So I'm following Calculus by Spivak and a particular part of a proof is troubling me. First off, the theorem that Spivak is trying to prove is the following: If f is continuous on $[a,b]$ then it is bounded above on $[a,b]$
To make this proof, the following set is considered:
$$A = \{x \mid a\leq x\leq b\land f\;\text{is bounded above on}\;[a,x]\}$$
Now, the author first shows that $\alpha = b$ (where $\alpha$ is the supremum) through contradiction. Suppose that $\alpha < b$. It's also easy to see that $\alpha > a$. Therefore, $a < \alpha < b$. Since $[a,b]$ is continuous, it's already proven that there exists a delta such that $(\alpha-\delta,\alpha+\delta)$ is bounded above.
Now, here's the statement that troubles me: "Since $\alpha$ is the least upper bound (supremum) of $A$, there is some $x_0\in A$ satisfying $x_0\in(\alpha-\delta,\alpha)$". Things that follow after this statement seem logical to me.
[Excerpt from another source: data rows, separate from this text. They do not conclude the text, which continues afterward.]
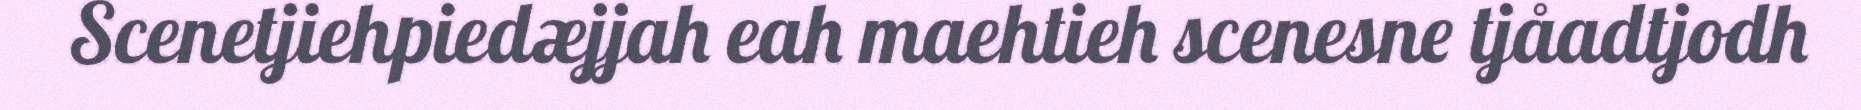
Scenetjiehpiedæjjah eah maehtieh scenesne tjåadtjodh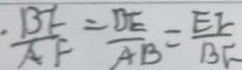
\cdot \frac { B F } { A F } = \frac { D E } { A B } = \frac { E F } { B F }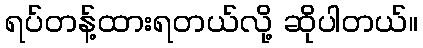
ရပ်တန့်ထားရတယ်လို့ ဆိုပါတယ်။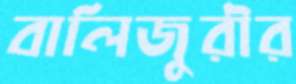
বালিজুরীর

Of course if this statement is true, you can easily conclude that $f$ is bounded above $[a,x_0]$ since that's the only way $x_0\in A$. But why is that quoted statement true in the first place? I don't quite understand the justification for it. Why must there exist an $x_0$ in $(\alpha-\delta,\alpha)$ with the property that it is also in $A$? I'm guessing this is something to do with the supremum.